I haven't seen a crash in segmentation fault was in wl_proxy_create_wrapper with 82.0a1 (2020-9-6) today. I've seen one crash in 82.0a1 (2020-9-5) and three crashes in 82.0a1 (2020-9-6) in update_buffers of the type I reported at https://bugzilla.mozilla.org/show_bug.cgi?id=1655120
while clicking on the toolbar buttons repeatedly.
https://crash-stats.mozilla.org/report/index/098418af-c1fe-4f3f-a1f3-2d6bd0200905
https://crash-stats.mozilla.org/report/index/2be51f13-1e6a-42f1-a4a8-75a9c0200906
https://crash-stats.mozilla.org/report/index/0632c844-f619-417f-8646-893190200906
https://crash-stats.mozilla.org/report/index/be0e663d-2010-4047-a362-d034b0200907
A crash happened with 82.0a1 (2020-9-6) when I selected the Bookmarks menu and I was scrolling down over the bookmarks folders.
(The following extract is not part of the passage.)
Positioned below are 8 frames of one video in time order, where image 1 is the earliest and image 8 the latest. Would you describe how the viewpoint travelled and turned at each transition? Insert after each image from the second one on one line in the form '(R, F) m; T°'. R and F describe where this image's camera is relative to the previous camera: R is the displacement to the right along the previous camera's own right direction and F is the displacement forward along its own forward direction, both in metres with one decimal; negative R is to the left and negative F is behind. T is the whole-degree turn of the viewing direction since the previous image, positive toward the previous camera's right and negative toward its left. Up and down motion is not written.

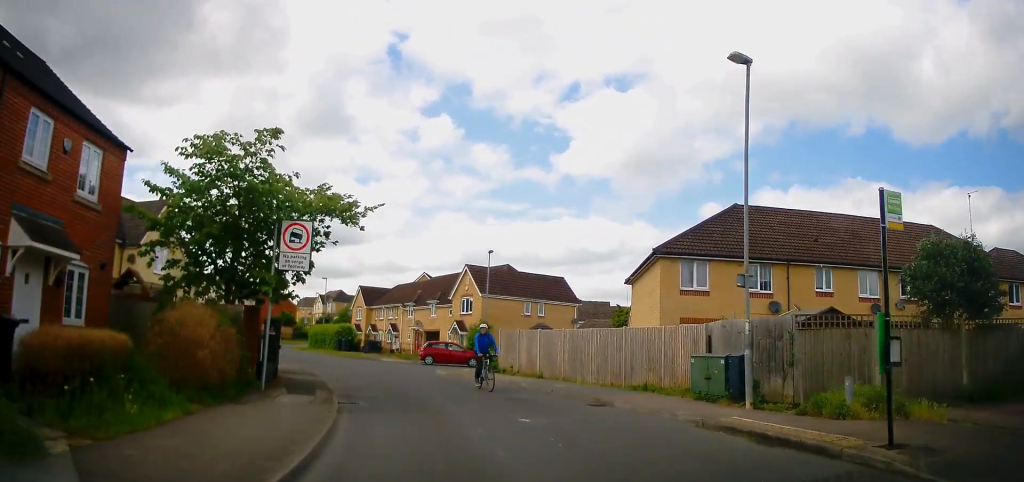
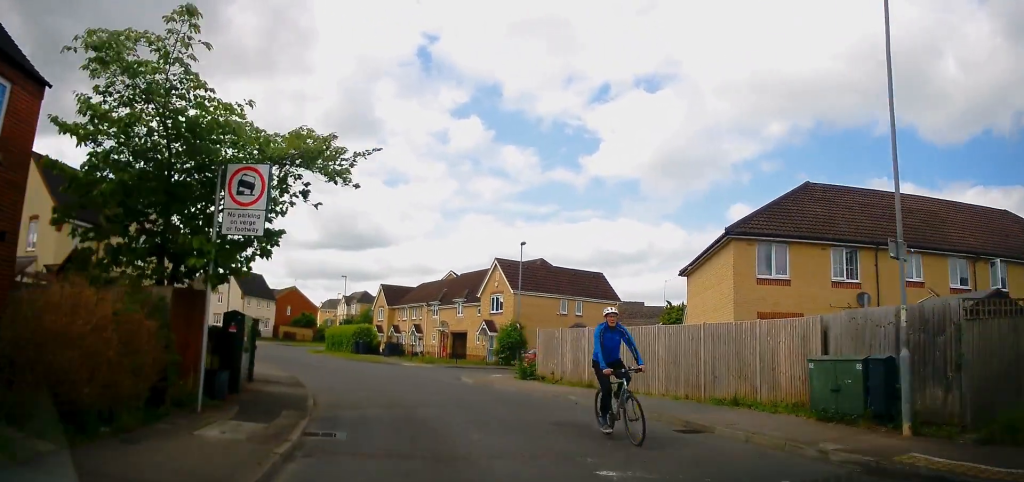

The crash reporter didn't appear after that crash, so no crash report was saved. The crash reporter hasn't usually been appearing after crashes involving the Bookmarks and Help menus. Should I report that as a different problem? Your patch for 1662425 in particular looks it could address these problems. I'll comment here again if I see a crash with this trace. Thanks.

Comment 9

[Matt Fagnani]

I haven't seen a segmentation fault in wl_proxy_create_wrapper with 82.0a1 (2020-9-6) today (is what I should've wrote).

Comment 10

[Asif Youssuff]

Just hit this on GNOME: bp-cbe4edb7-df75-4610-91d8-6bd1a0200907

Comment 12

[Matt Fagnani]

(In reply to Martin Stránský [:stransky] from comment #7)

0xe5e5e5e5e5e5e5e5 means already released/freed memory.
Please try latest nightly - there are two Wayland related fixes there (Bug 1662425 and Bug 1648872).
Thanks.

I opened Firefox 83.0a1 (2020-9-25) on Wayland with WebRender compositing enabled in Plasma 5.19.5 in Fedora 33 with mesa 20.2.0~rc4 and selected the Bookmarks menu > Bookmark This Page. A segmentation fault happened in the Renderer thread in wl_proxy_create_wrapper at wayland-client.c:2237 in libwayland-client-1.18.0-2.fc33.x86_64 with a trace like that I reported here. https://crash-stats.mozilla.org/report/index/584ff05a-3754-4329-8741-0f67f0200926

Comment 13

[Eduard Kachur]

More of this on latest beta: 17edae69-3da0-4e75-9f73-6e3ad0200930

Comment 14

[Martin Stránský [:stransky] (ni? me)]

This should be fixed now in latest nightly.